Surveying this massive crowd of boisterous people—the men and women, the teenagers and the small children, celebrating their identity and their steadfastness together with music—I knew this was not the stuff of religious fundamentalism or terrorism. I was struck by how the reality of Hizballah differed from its distorted image in the West. For although Hizb Allah, the Party of God, is undoubtedly of Shia origin, it is in fact a secular movement, addressing real temporal issues, its leaders speaking in a nationalist discourse, avoiding sectarianism and religious metaphors. They participate in politics, compromising and negotiating, and do not seek to impose Islamic law on others. Proof of this is readily available in Hizballah strongholds, where many of their followers are secular, supporting Hizballah because it represents their political interests and defends them.
Throughout the country, women in chadors walk beside scantily clad beauties. Along Lebanon’s highways, or what is left of them, billboards celebrating Hizballah’s “divine victory” over Israel share advertising space with posters depicting half-naked women wearing jeans or lingerie. Hizballah may have preferences, but unlike the authoritarian leaders of the Taliban or Saudi Arabia, it does not impose them.

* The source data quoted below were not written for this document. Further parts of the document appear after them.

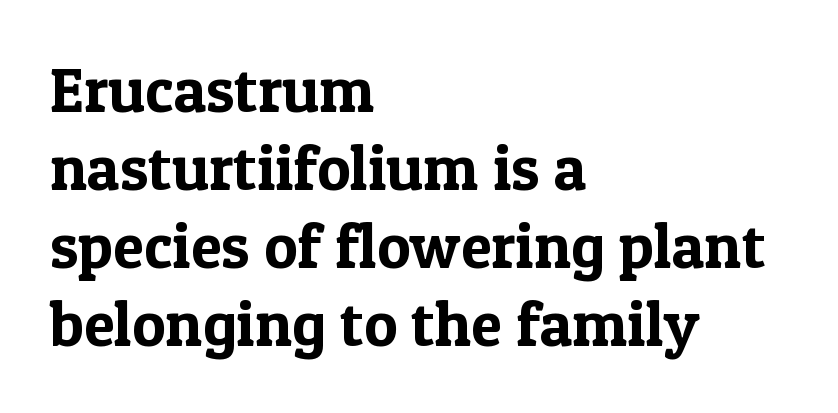
The image shows 63 px serif type, upright; set left-aligned, line spacing 1.24x, normal letter spacing, not underlined; a medium x-height.
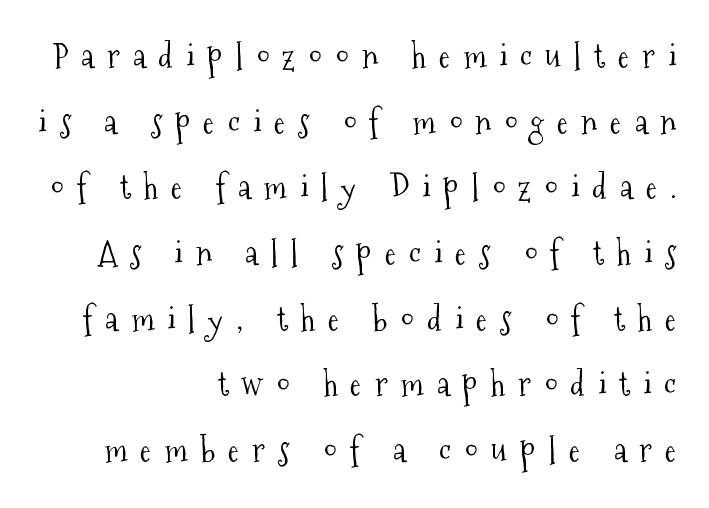
Here the designer chose a conventional face with non-uniform glyph widths. Students, note that the glyphs here are deliberately spaced far apart. No extra ink here — the face is not bold. Classification — serif.
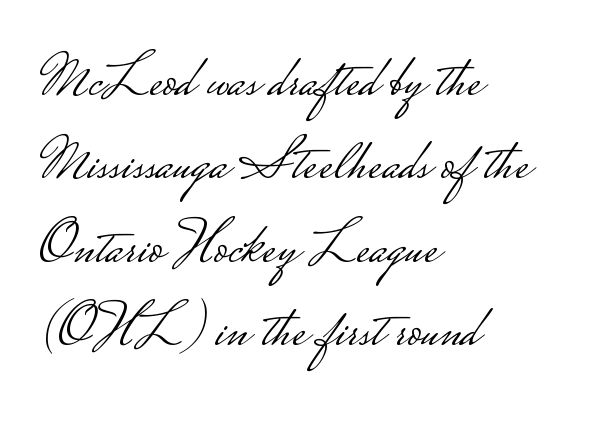
{"serif": "no", "bold": "no", "weight": "light", "width": "wide", "stroke_contrast": "low", "monospaced": "no", "underline": "no", "align": "left", "line_spacing": "normal", "line_spacing_ratio": 1.39, "letter_spacing": "normal", "letter_spacing_em": 0.0, "glyph_px": 60}

Nor has the movement shown a long-standing inability to reconcile with its enemies. Most strikingly, in 2000, after Israel’s withdrawal from the Lebanese territory it was occupying, the thousands of Shia and Christian collaborators suddenly found themselves vulnerable to retribution and street justice from understandably aggrieved Lebanese. On strict orders from Hizballah, however, the vast majority were not touched. Rather they were handed over to the Lebanese army, dealt with by the Lebanese government and imprisoned and amnestied prematurely, in a move that offended many Lebanese. Nevertheless, today they can be spotted in towns in the south; everyone knows who they are, and they remain unharmed. Hardly the actions of a violent fundamentalist terrorist organization.
And what was so unreasonable about Hizballah’s demands? The movement insisted it wanted Lebanese prisoners to be freed by Israel, all of Lebanon’s territory to be evacuated by Israel, and for the Lebanese army, which had never defended Lebanon, let alone its south, to come up with a national defense plan. Thirty years of proven Israeli brutality and 60 years of Lebanese government neglect of the south gave Hizballah a raison d’etre its leadership insisted it did not want.